**Your objective**
Copy the records below in full and leave every image out of the copy.

**Data listing**
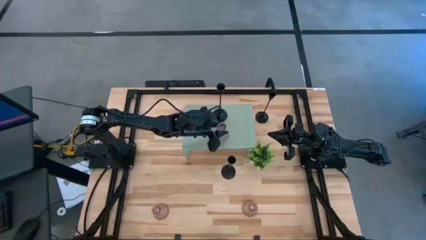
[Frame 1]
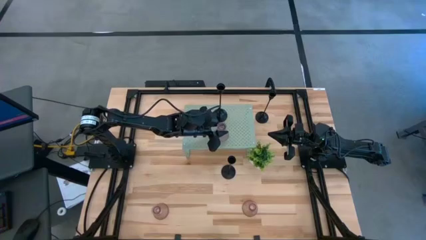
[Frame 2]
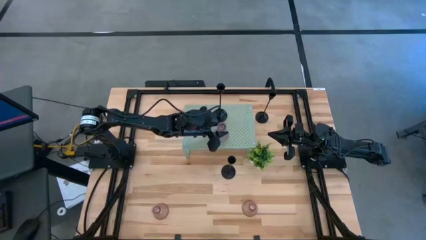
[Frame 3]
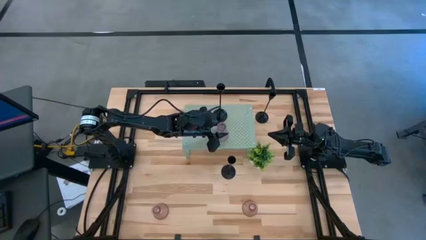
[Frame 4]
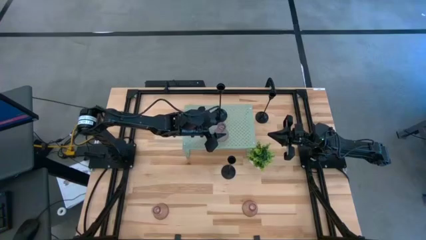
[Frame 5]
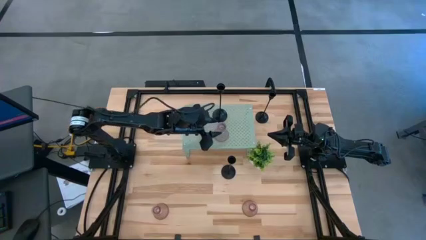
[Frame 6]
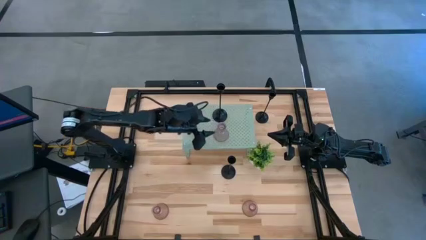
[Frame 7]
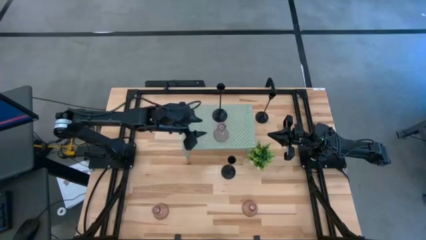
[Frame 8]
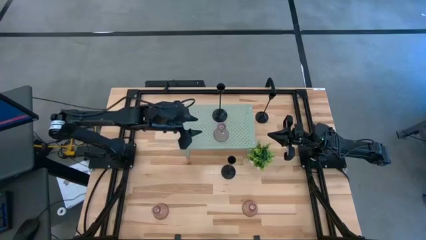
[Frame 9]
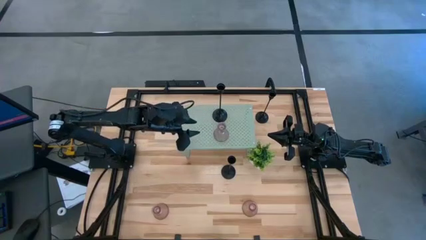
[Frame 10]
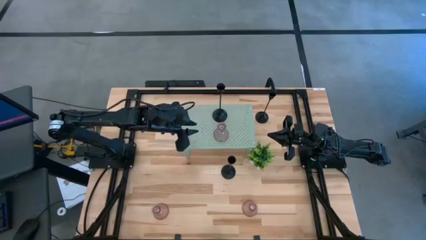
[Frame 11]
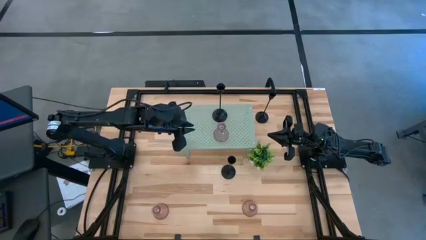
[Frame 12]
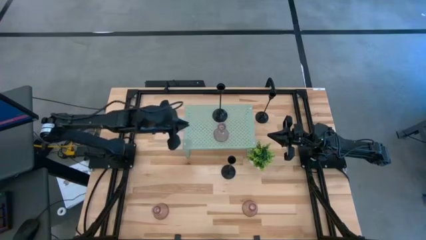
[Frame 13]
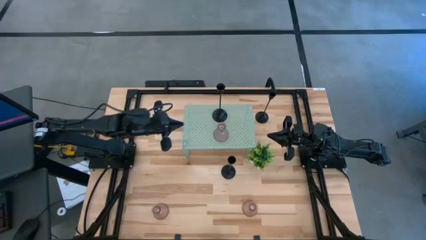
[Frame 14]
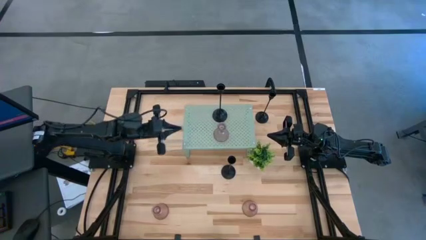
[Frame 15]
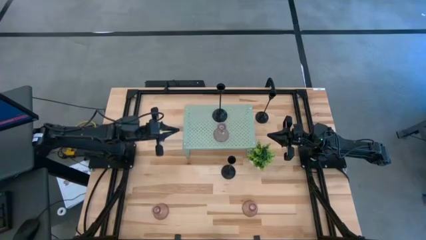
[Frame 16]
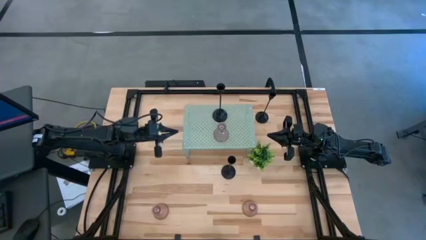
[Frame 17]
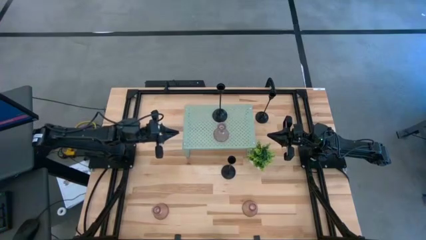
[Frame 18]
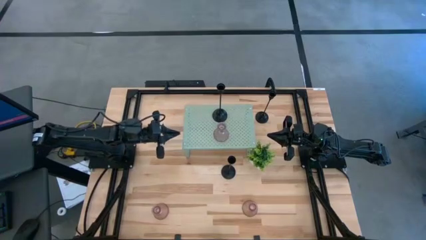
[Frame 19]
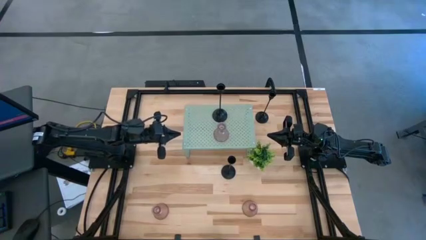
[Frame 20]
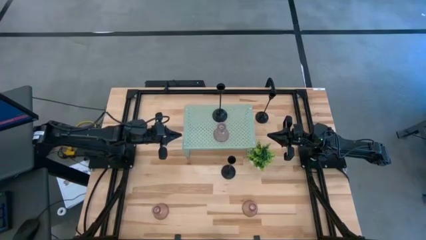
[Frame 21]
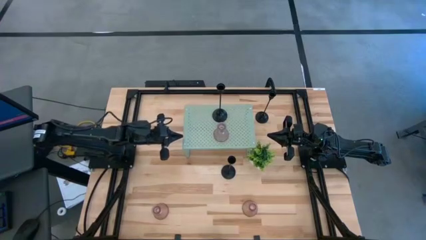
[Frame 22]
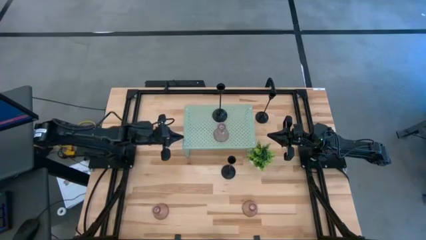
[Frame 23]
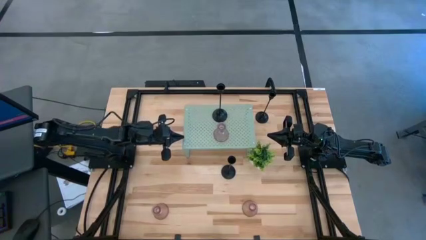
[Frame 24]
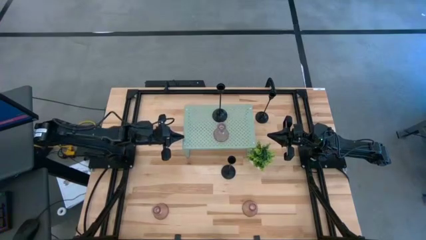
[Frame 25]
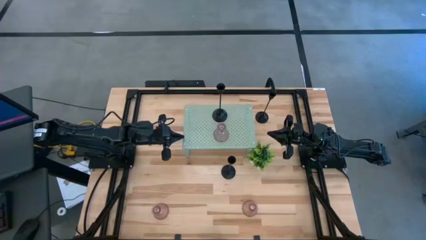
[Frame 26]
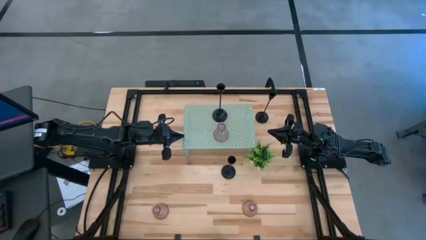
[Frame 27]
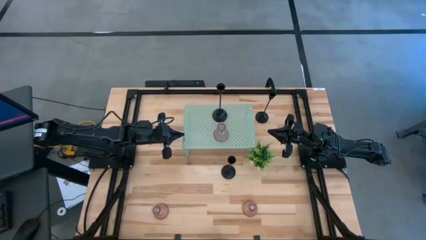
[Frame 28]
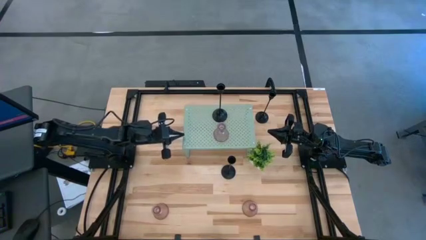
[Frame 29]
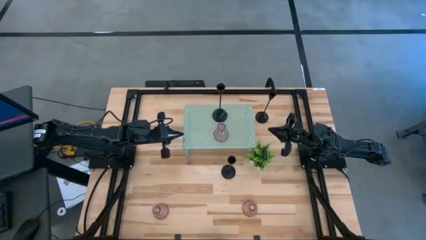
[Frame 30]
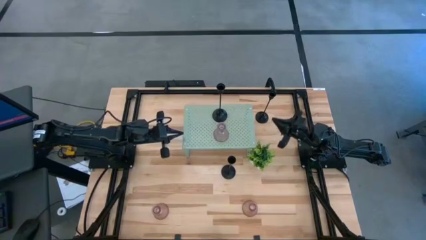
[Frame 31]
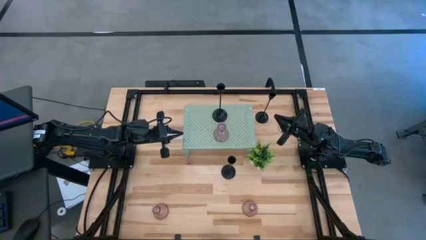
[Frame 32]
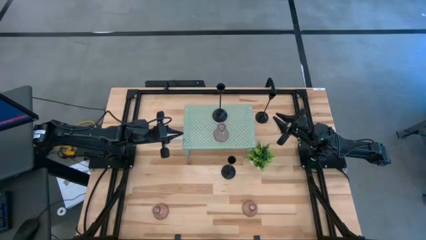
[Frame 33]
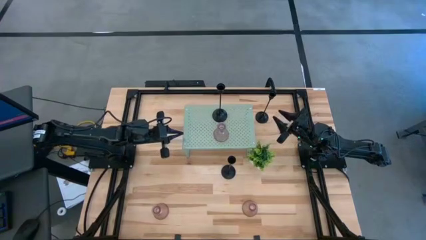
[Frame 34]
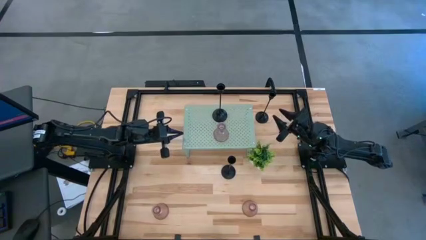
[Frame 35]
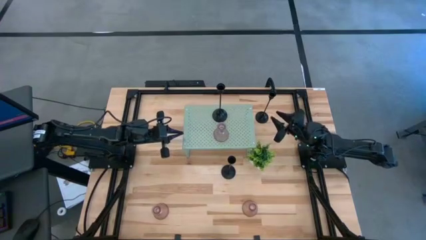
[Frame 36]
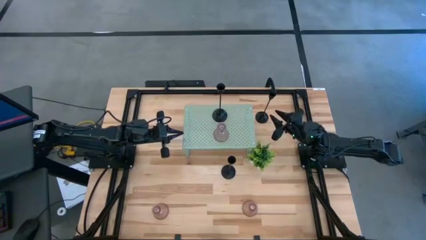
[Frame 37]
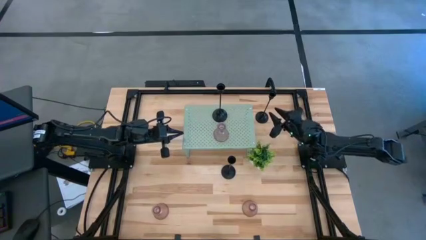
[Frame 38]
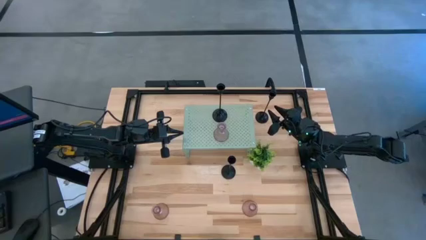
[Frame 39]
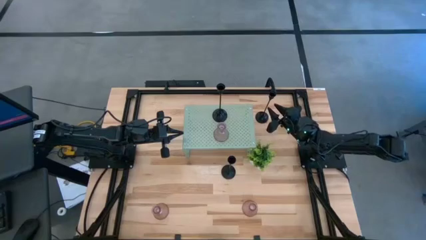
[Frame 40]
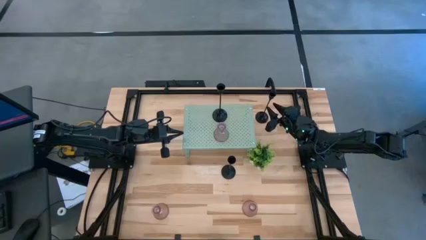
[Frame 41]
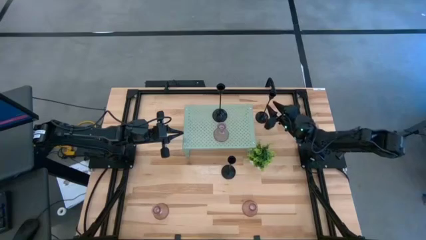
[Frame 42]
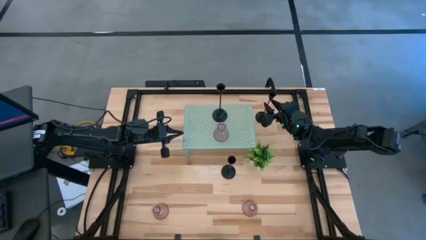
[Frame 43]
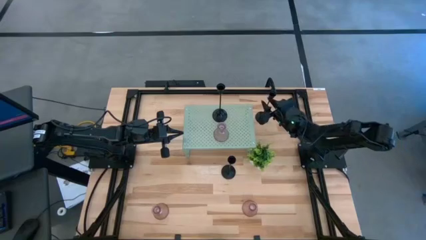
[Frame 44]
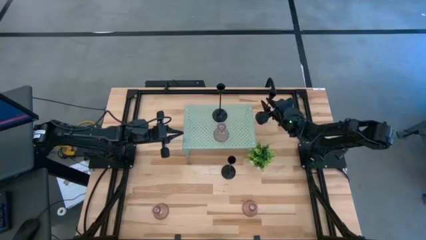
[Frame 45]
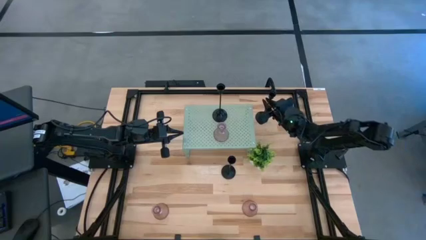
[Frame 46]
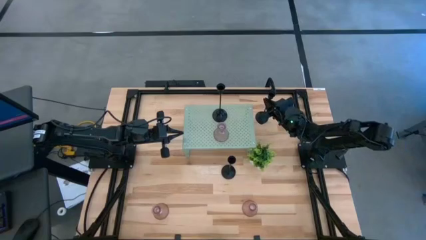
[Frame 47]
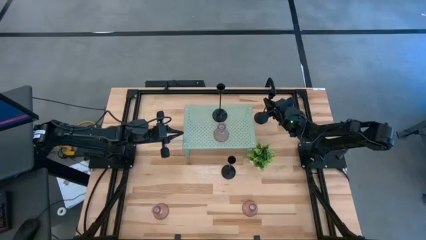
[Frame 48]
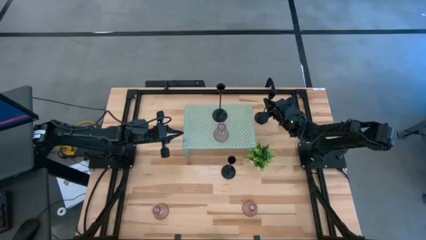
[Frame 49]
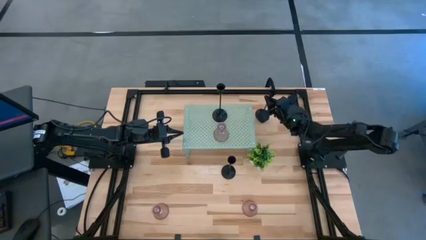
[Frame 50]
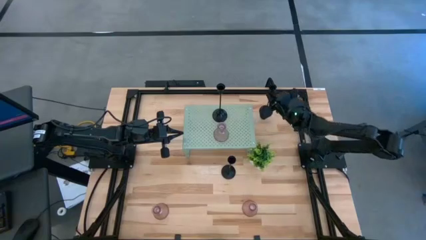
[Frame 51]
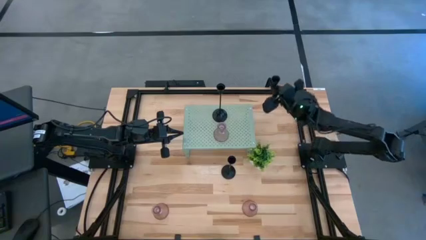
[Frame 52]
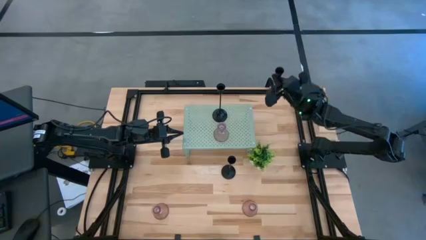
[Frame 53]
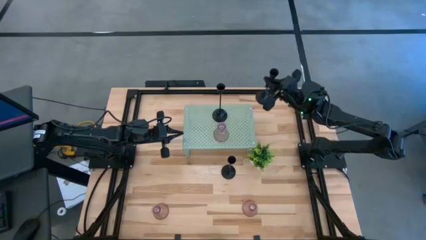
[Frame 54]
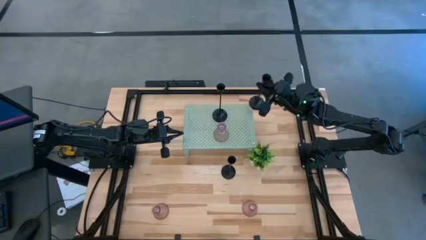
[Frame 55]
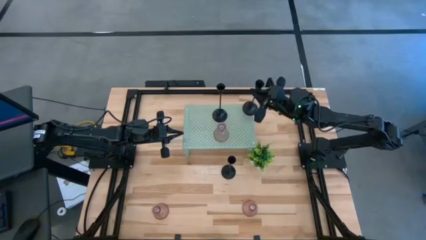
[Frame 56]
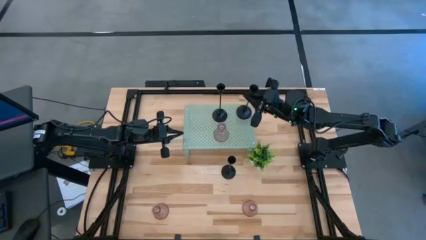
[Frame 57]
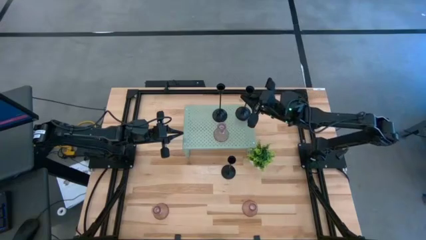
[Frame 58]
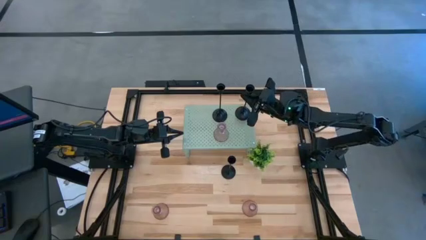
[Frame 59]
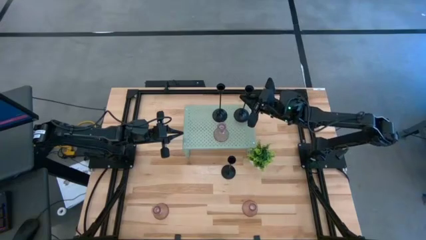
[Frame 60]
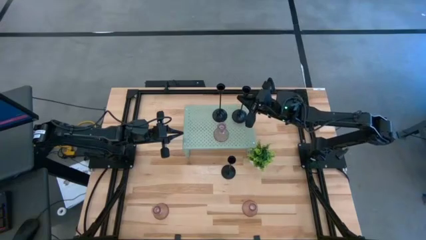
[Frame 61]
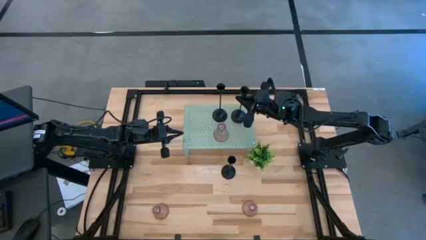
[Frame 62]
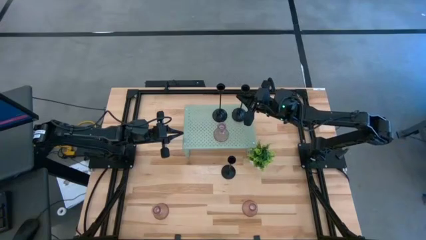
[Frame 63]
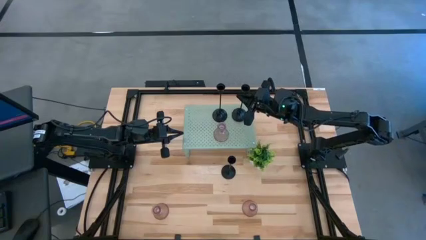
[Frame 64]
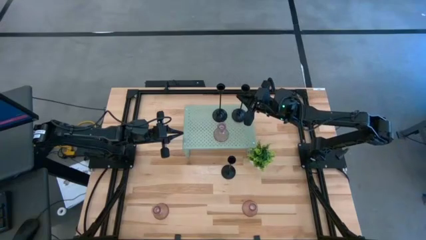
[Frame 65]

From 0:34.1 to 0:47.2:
Task: Pick & Place candle stick holders
Align the top black candle holder on the shelf with the black candle holder

**Solution**
[Frame 1]
[Frame 2]
[Frame 3]
[Frame 4]
[Frame 5]
[Frame 6]
[Frame 7]
[Frame 8]
[Frame 9]
[Frame 10]
[Frame 11]
[Frame 12]
[Frame 13]
[Frame 14]
[Frame 15]
[Frame 16]
[Frame 17]
[Frame 18]
[Frame 19]
[Frame 20]
[Frame 21]
[Frame 22]
[Frame 23]
[Frame 24]
[Frame 25]
[Frame 26]
[Frame 27]
[Frame 28]
[Frame 29]
[Frame 30]
[Frame 31]
[Frame 32]
[Frame 33]
[Frame 34]
[Frame 35]
[Frame 36]
[Frame 37]
[Frame 38]
[Frame 39]
[Frame 40]
[Frame 41]
[Frame 42]
[Frame 43]
[Frame 44]
[Frame 45]
[Frame 46]
[Frame 47]
[Frame 48]
[Frame 49]
[Frame 50]
[Frame 51]
[Frame 52]
[Frame 53]
[Frame 54]
[Frame 55]
[Frame 56]
[Frame 57]
[Frame 58]
[Frame 59]
[Frame 60]
[Frame 61]
[Frame 62]
[Frame 63]
[Frame 64]
[Frame 65]

From 0:34.1 to 0:47.2:
Task: Pick & Place candle stick holders
Align the top black candle holder on the shelf with the black candle holder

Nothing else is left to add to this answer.